Jesuit scholasticism
The intellectual influence of second scholasticism was augmented by the establishment of the Society of Jesus (1540), by Ignatius Loyola, per approval of Pope Paul III. The "Jesuits" are considered a third "school" of second scholasticism, although this refers more to the common style of academic work rather than to some common doctrine. The important figures include Pedro da Fonseca, Antonio Rubio, the Conimbricenses, Robert Bellarmine, Francisco Suárez, Luis de Molina, Gabriel Vásquez, Pedro Hurtado de Mendoza, Rodrigo de Arriaga, and many others.
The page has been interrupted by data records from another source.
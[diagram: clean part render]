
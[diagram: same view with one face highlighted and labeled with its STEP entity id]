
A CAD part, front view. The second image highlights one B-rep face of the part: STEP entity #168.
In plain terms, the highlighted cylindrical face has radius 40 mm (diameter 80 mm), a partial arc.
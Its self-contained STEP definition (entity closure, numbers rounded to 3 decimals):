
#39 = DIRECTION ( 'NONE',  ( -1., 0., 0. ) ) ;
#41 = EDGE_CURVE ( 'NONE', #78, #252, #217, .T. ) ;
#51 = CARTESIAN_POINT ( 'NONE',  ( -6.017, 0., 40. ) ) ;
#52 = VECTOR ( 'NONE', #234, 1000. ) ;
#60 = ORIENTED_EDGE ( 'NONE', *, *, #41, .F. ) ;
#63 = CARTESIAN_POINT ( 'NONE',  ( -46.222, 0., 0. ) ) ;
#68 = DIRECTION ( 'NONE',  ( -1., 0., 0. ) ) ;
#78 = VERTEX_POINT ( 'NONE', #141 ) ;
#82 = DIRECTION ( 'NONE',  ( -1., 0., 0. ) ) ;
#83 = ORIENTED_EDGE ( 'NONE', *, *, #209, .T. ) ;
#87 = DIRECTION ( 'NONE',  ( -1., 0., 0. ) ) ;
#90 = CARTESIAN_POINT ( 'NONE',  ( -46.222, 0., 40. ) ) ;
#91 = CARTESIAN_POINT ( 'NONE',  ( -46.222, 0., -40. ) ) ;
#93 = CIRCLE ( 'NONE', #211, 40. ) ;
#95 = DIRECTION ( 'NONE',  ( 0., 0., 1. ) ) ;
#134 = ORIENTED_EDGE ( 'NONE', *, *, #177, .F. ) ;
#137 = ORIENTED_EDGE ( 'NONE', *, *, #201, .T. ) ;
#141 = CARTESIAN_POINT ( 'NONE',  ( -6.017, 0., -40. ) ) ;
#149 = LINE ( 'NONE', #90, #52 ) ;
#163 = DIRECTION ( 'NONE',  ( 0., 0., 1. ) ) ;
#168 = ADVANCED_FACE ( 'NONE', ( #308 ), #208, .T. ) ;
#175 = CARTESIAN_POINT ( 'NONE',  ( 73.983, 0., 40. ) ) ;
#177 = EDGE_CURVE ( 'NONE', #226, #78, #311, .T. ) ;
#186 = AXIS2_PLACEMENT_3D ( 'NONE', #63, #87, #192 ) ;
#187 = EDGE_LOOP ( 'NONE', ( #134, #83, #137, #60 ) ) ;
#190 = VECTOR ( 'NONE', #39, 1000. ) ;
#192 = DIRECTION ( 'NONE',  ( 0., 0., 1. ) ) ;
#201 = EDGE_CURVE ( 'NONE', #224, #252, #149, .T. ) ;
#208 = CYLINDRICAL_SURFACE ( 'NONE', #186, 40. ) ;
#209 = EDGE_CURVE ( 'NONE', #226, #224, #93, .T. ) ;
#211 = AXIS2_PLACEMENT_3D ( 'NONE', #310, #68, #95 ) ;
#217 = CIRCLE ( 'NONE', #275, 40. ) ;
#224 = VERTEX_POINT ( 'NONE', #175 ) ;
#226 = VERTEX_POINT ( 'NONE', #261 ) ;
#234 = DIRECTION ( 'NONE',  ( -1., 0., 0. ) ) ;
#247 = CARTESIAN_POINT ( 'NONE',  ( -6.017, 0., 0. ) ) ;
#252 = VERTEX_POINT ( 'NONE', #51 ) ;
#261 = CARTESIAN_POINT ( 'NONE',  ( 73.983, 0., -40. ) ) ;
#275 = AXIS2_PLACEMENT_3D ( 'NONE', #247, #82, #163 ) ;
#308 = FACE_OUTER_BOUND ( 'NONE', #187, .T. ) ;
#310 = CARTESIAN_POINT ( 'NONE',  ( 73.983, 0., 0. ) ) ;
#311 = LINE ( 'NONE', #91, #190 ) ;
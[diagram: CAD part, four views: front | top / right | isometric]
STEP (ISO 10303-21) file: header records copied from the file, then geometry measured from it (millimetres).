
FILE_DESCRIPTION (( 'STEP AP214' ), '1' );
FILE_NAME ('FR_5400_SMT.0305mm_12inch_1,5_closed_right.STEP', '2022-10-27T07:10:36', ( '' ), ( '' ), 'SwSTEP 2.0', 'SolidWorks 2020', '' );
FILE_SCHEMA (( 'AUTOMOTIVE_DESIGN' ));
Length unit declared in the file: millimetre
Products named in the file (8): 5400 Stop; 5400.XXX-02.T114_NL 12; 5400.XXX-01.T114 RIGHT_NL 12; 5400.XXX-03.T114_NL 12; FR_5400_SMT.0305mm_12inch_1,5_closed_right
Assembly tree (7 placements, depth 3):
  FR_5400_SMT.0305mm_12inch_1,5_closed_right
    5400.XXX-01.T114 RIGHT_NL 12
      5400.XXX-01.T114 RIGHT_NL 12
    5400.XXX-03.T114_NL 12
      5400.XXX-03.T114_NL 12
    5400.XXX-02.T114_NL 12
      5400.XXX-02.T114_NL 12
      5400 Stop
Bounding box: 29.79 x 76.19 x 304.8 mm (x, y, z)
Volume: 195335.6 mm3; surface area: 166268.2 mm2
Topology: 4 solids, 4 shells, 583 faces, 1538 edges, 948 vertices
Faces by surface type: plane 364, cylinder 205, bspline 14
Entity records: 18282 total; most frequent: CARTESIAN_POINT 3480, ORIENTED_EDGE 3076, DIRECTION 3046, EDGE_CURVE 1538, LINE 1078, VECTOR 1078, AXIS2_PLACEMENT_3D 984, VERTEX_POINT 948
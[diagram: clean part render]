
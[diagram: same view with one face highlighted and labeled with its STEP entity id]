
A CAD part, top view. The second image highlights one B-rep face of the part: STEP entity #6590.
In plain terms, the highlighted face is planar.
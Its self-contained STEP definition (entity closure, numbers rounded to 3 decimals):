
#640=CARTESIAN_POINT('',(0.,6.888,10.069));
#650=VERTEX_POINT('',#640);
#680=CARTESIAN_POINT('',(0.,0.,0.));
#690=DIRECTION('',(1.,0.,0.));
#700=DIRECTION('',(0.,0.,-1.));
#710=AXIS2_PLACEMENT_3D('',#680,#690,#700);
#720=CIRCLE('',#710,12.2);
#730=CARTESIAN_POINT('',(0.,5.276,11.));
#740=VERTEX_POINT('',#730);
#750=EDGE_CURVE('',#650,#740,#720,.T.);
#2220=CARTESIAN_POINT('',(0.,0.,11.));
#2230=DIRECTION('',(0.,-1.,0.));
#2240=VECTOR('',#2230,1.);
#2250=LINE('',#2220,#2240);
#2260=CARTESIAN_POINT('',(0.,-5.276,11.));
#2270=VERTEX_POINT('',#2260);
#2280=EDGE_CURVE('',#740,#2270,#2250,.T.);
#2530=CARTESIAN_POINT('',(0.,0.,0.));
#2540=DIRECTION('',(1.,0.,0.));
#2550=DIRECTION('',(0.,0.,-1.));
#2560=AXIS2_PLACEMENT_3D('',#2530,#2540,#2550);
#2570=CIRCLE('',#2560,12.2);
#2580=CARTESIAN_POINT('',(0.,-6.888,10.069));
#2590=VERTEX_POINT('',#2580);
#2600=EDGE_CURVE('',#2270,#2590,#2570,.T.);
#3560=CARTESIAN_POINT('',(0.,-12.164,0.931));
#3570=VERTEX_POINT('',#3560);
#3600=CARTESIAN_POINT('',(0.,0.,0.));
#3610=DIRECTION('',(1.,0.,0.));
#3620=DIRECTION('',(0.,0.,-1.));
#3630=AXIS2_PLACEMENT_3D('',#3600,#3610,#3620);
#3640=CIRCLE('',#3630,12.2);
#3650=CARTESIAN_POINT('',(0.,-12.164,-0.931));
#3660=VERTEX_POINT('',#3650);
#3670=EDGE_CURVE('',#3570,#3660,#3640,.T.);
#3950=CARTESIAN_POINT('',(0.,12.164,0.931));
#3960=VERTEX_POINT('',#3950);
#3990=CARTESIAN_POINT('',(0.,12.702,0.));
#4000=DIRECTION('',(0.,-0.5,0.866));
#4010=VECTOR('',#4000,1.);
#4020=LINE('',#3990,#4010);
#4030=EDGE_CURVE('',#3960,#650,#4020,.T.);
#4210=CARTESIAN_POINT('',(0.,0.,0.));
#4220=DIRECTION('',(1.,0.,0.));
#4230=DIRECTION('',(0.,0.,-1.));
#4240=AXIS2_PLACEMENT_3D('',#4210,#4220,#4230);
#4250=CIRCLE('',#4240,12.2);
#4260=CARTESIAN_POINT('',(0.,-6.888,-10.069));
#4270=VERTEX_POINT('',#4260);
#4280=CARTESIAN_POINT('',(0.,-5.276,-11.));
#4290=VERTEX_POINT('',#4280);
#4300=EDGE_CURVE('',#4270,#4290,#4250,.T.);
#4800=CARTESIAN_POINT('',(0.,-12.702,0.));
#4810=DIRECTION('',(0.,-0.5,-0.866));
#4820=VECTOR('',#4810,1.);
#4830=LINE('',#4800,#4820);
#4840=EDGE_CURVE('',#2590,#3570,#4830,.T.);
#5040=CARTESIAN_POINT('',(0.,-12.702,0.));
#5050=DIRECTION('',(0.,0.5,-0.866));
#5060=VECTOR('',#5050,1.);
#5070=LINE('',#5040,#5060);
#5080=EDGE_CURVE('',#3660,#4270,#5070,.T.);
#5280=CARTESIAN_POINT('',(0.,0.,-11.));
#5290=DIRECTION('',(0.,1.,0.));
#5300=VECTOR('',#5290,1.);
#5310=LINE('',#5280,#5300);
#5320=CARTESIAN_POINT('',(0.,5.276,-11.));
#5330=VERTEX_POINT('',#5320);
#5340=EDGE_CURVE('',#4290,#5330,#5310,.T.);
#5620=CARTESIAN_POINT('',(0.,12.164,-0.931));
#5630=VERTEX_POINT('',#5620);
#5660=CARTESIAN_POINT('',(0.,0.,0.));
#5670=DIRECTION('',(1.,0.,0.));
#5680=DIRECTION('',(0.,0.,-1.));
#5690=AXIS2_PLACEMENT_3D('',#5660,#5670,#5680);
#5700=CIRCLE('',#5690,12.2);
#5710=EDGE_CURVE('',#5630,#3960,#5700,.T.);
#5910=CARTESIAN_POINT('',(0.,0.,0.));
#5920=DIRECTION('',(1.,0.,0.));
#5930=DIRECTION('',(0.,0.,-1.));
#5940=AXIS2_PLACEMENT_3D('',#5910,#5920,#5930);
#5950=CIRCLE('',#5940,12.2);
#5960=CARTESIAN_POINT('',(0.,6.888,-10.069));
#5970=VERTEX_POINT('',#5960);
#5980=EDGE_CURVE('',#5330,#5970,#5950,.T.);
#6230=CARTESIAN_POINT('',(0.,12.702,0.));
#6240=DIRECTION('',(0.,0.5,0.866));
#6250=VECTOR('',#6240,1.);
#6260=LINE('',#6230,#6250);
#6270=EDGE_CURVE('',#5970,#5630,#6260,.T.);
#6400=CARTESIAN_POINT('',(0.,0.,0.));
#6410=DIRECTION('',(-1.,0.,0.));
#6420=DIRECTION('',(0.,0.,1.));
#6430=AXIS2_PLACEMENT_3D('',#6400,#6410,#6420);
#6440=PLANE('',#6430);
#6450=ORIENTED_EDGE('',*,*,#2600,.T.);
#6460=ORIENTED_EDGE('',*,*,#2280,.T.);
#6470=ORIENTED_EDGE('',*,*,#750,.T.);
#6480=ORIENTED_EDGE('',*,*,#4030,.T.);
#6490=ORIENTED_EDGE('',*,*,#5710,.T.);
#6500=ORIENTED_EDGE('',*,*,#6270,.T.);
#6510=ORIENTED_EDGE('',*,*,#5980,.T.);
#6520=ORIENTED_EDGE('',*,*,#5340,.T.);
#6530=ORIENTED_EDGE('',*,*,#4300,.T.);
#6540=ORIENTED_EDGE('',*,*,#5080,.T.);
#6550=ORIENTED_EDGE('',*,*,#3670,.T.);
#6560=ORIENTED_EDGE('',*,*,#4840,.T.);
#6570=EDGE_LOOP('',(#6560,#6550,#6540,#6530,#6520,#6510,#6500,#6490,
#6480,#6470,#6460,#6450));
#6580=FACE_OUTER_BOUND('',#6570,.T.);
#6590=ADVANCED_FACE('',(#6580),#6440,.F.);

There were also many "independent" thinkers like Sebastián Izquierdo, Juan Caramuel y Lobkowicz, Kenelm Digby, Raffael Aversa etc.

Decline and legacy
The golden age of Second Scholasticism was the first decades of the 17th century, at which time it was still largely in control of university curricula in philosophy. But second scholasticism started to decline under the attacks of philosophers writing in vernacular languages, such as Descartes, Pascal and Locke, and from the competition from more experimental and mathematical ways of doing science promoted by the Scientific Revolution. It was largely dormant from the onset of Enlightenment in the end of the 17th century, although scholastics such as Suarez remained influential for a long period. In some Iberian universities the scholastic culture remained vivid well into the 19th century, providing background for the birth of Neo-Scholasticism.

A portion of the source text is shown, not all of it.